BEGIN Provided data
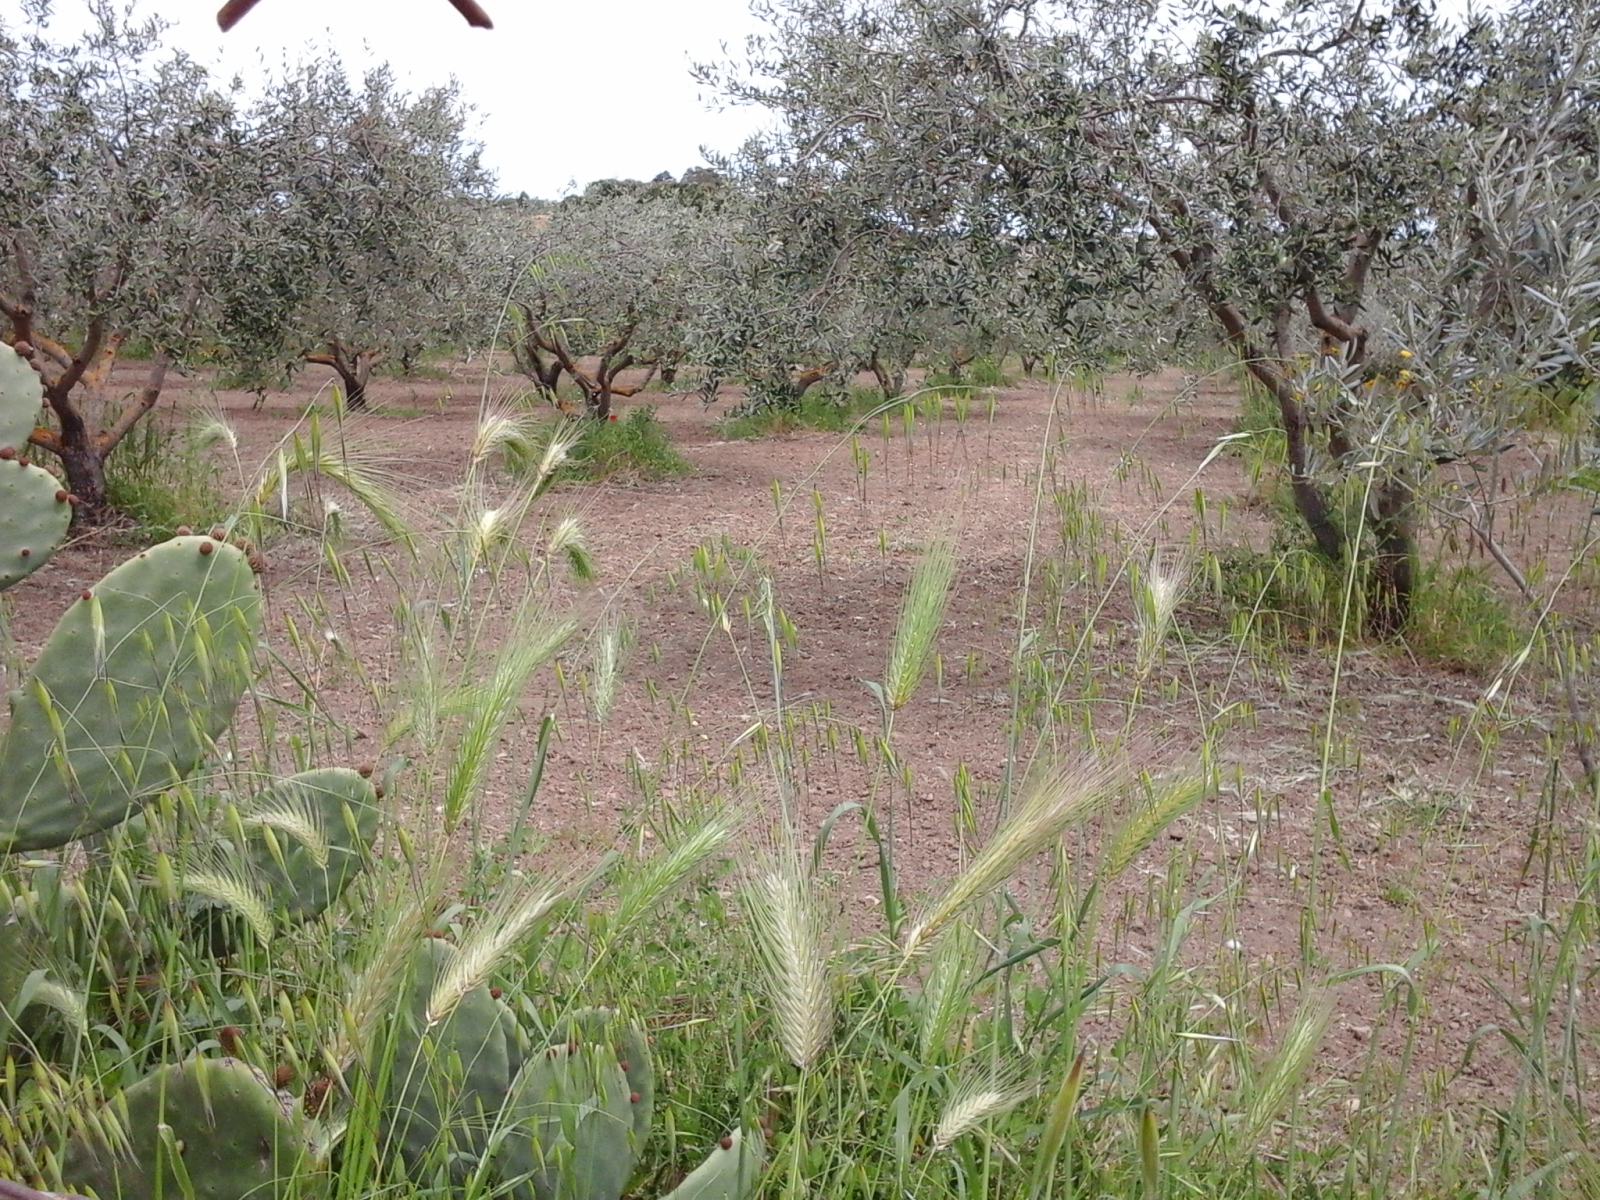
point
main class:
END Provided data
BEGIN Provided data
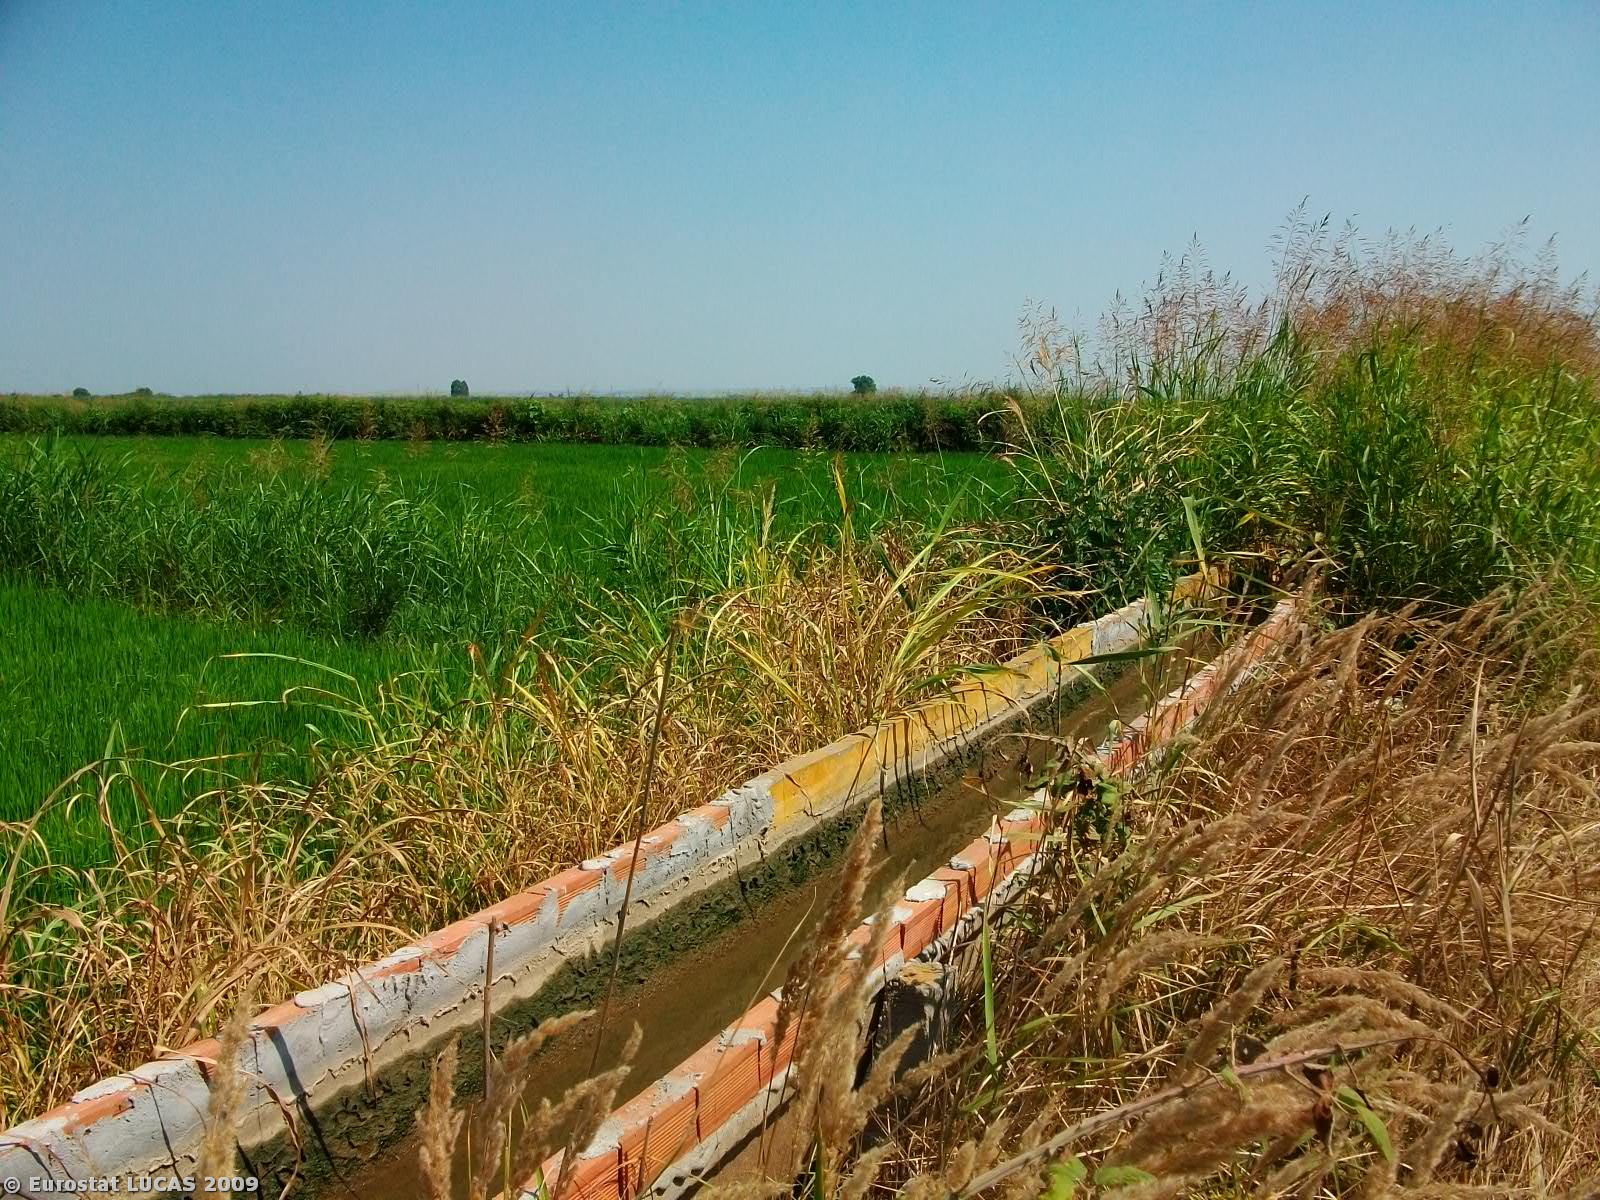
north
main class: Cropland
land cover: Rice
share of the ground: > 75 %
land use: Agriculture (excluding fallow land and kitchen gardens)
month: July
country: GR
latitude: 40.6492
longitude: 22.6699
END Provided data
BEGIN Provided data
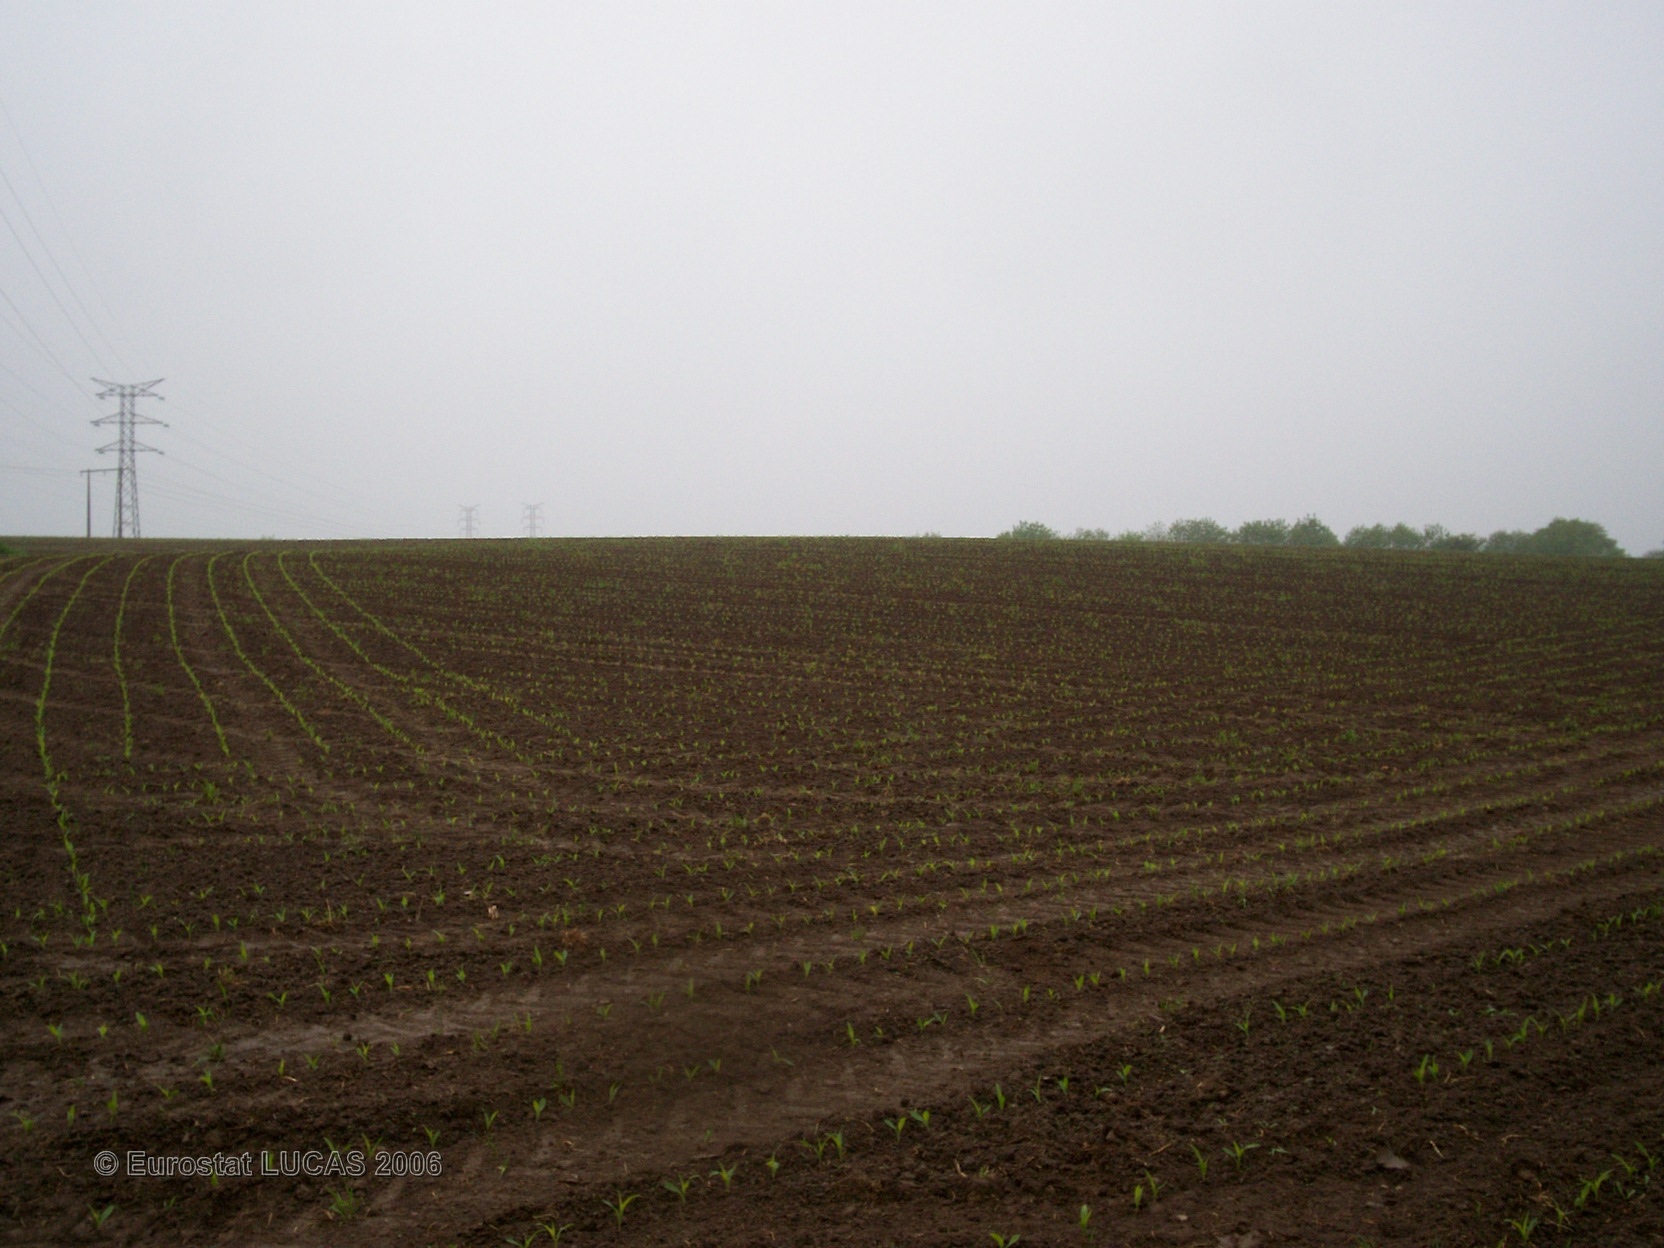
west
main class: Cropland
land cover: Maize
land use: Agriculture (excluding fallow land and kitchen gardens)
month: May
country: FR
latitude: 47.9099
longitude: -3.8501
END Provided data
In the entries above, find the line holding "land cover: Rice" and the line holding "longitude: 22.6699", then retype exactly those two lines and every line between them, and nothing else.

Output of the exercise >>
land cover: Rice
share of the ground: > 75 %
land use: Agriculture (excluding fallow land and kitchen gardens)
month: July
country: GR
latitude: 40.6492
longitude: 22.6699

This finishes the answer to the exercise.